Rethinking software testing in an AI world: why the model is evolving and what to do about it

Summarize:
The old testing model cannot keep up.
For decades, enterprises could tolerate disconnected tools, manual-heavy workflows, and the ongoing drag of maintenance because software moved at a pace people could still manage. Software testing was often treated as a downstream step, necessary but rarely seen as strategic.
That world is gone.
Today, software is delivered continuously across enterprise applications, APIs, data platforms, customer experiences, and AI-enabled services. All these systems and experiences are tied together in ways that make even small changes harder to isolate and predict.
At the same time, tolerance for failure is shrinking. When quality breaks down today, the impact is not just technical; it’s operational, financial, and reputational.
Testing can no longer be treated as a downstream validation step. Software testing is now the mechanism that helps organizations release faster with confidence, contain risk, and keep pace with constant change.
AI is accelerating software delivery, but it is also increasing the amount of change that needs to be validated.

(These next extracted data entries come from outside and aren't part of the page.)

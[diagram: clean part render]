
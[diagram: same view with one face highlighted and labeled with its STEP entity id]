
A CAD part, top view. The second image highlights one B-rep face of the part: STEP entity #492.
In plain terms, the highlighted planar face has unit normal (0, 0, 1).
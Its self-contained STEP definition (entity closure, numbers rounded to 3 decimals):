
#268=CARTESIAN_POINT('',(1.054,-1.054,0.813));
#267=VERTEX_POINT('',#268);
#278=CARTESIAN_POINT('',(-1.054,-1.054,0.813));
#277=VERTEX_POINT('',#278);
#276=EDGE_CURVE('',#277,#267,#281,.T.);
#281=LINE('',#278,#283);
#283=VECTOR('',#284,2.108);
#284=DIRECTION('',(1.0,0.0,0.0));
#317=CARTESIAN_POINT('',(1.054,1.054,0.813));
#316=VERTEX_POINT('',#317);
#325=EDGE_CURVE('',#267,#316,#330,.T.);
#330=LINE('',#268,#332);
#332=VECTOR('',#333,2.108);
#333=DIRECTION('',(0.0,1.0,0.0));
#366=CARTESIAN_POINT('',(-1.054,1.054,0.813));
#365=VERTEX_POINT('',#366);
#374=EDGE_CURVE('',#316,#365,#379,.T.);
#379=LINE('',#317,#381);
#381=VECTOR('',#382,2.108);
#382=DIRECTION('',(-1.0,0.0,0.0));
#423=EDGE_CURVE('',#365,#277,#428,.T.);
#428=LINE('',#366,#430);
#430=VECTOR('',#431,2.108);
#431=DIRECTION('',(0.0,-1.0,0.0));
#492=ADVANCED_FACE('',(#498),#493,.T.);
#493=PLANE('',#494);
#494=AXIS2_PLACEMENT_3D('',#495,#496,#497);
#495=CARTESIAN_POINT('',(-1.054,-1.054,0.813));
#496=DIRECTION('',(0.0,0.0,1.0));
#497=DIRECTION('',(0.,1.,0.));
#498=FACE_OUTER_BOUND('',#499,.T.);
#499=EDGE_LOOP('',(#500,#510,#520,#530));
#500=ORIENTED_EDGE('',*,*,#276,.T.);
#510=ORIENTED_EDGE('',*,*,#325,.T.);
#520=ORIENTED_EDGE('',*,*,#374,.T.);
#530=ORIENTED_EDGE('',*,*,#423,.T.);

Microsoft research found that developers using GitHub Copilot completed a coding task 55.8% faster. At the same time, IDC reported that 72% of developers revise more than 40% of their AI-generated code. Faster code generation does not reduce the need for software testing but rather places a heavy burden on testing teams to keep pace with this higher volume, higher complexity, and higher release pressure.
That is the shift taking place now. The challenge is no longer simply executing more tests. It is understanding what matters most, where risk is rising, and what is safe to move forward.

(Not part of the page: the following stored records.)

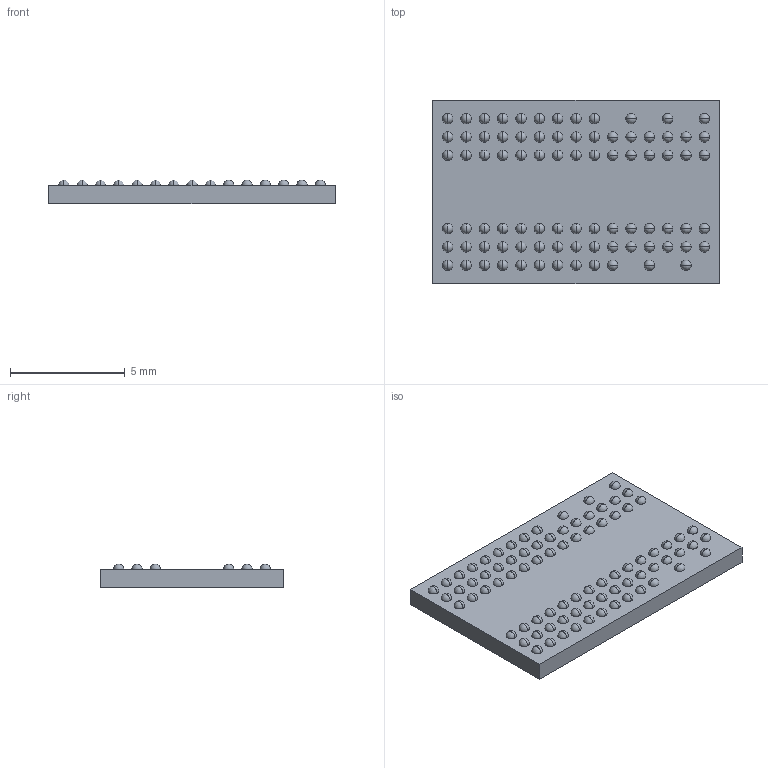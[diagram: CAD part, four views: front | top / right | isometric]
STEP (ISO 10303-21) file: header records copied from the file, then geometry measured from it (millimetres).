
FILE_DESCRIPTION((''),'2;1');
FILE_NAME('WINBOND','2010-08-10T',('Simon'),(''),'PRO/ENGINEER BY PARAMETRIC TECHNOLOGY CORPORATION, 2008400','PRO/ENGINEER BY PARAMETRIC TECHNOLOGY CORPORATION, 2008400','');
FILE_SCHEMA(('AUTOMOTIVE_DESIGN_CC2 { 1 2 10303 214 -1 1 5 2 }'));
Length unit declared in the file: millimetre
Products named in the file (1): WINBOND
Bounding box: 12.5 x 8 x 1.03 mm (x, y, z)
Volume: 82 mm3; surface area: 246.2 mm2
Topology: 1 solids, 1 shells, 177 faces, 522 edges, 264 vertices
Faces by surface type: sphere 168, plane 7, cylinder 2
Entity records: 6063 total; most frequent: DIRECTION 1048, CARTESIAN_POINT 795, ORIENTED_EDGE 708, AXIS2_PLACEMENT_3D 517, PRESENTATION_STYLE_ASSIGNMENT 355, STYLED_ITEM 355, CURVE_STYLE 354, EDGE_CURVE 354

Most organizations are still operating on a model designed for an earlier era of software delivery.
Disconnected tools, brittle handoffs, and high-maintenance automation create friction in exactly the places that matter most. Teams struggle to understand the impact of change, prioritize testing effort, identify coverage gaps, and act quickly enough when release cycles compress.
Incremental improvement helps, but only up to a point. Adding another automation layer or optimizing one part of the process does not solve the underlying problem. Modern software delivery requires a model that is more adaptive, more intelligent, and more tightly connected to how release decisions are made.

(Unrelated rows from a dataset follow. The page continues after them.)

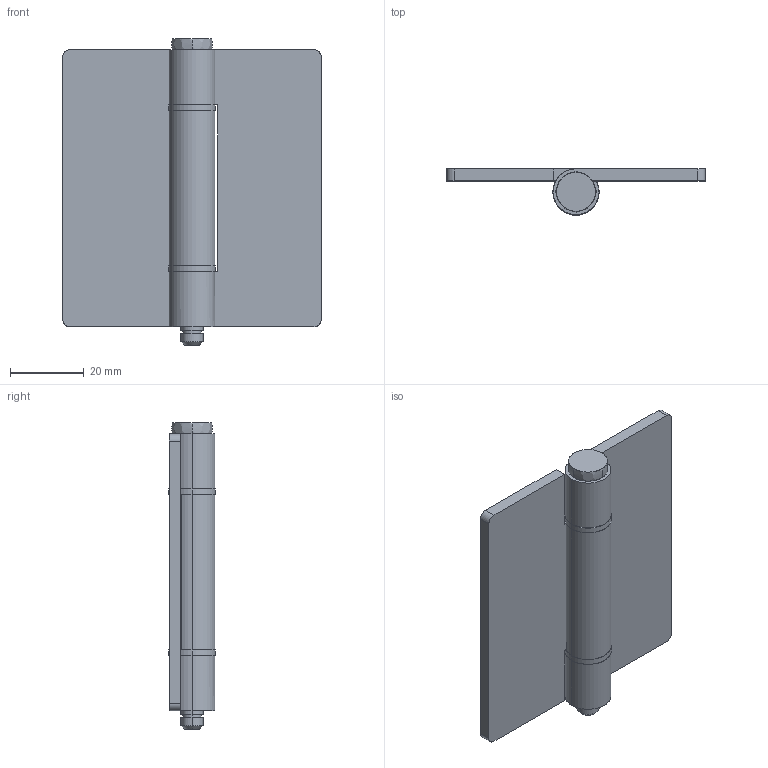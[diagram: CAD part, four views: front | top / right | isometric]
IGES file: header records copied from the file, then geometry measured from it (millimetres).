
Start section: JAMA-IS VERSION  1.0
Global section: file name: unknown; native system: SolidMX; preprocessor: V1.20; author: unknown; organization: unknown; date: 050420.095819; units: millimetre
Bounding box: 70 x 12.5 x 83 mm (x, y, z)
Surface area: 17164.5 mm2 (no closed solid volume)
Topology: 0 solids, 0 shells, 65 faces, 649 edges, 649 vertices
Faces by surface type: bspline 65

For enterprise leaders, this discussion is twofold: tooling and operational models.
Traditional software testing metrics such as tests executed or tests automated still matter, but they no longer tell the whole story. As software delivery accelerates, the measures that matter more are outcomes: release confidence, speed to feedback, maintenance effort, risk reduction, and the ability to deliver change without increasing operational drag.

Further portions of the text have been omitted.